I wondered if Miss Barks had told the Peggots I was a hard kid to handle.

“I won’t do any of those teenager things,” I told her. “I would mind you. You and Mr. Peg both, I promise. I could probably get Maggot to do better.”

Mrs. Peggot looked at the window instead of me. Snow was starting to fall, the whole world so damn quiet. I could hear their big clock ticking from the other room where it sat on the mantel with the picture of Holy Aunt June. She wasn’t going to save me, either.

“But what if,” I started, and backed up, started again. “I can be a lot of help, like carrying in groceries and heavy things. What if I just stayed until Maggot’s mom gets out, and whenever he moves, I’d find another home too?”
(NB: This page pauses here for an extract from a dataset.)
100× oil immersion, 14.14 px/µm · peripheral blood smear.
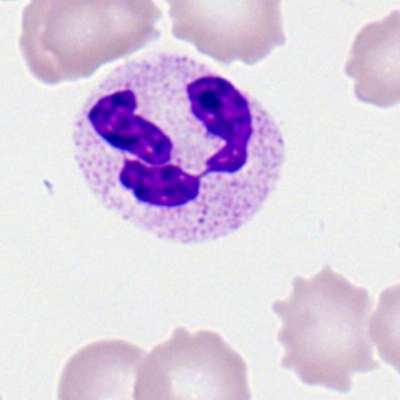
Impression → neutrophil (segmented).

Mrs. Peggot said they had discussed this too with Miss Barks. But shegave them the advice that it wasn’t a great idea. She said teenage boys are the hardest of all to find homes for, and it was better to get them in some kind of permanent situation while younger if at all possible. She’d promised the Peggots she would keep working on it.

And that was it. Mr. and Mrs. Peggot wanted to try out being regular grandparents for a change, and not be parents anymore. I needed to let Miss Barks find me some nice people that were younger and could take me in for good.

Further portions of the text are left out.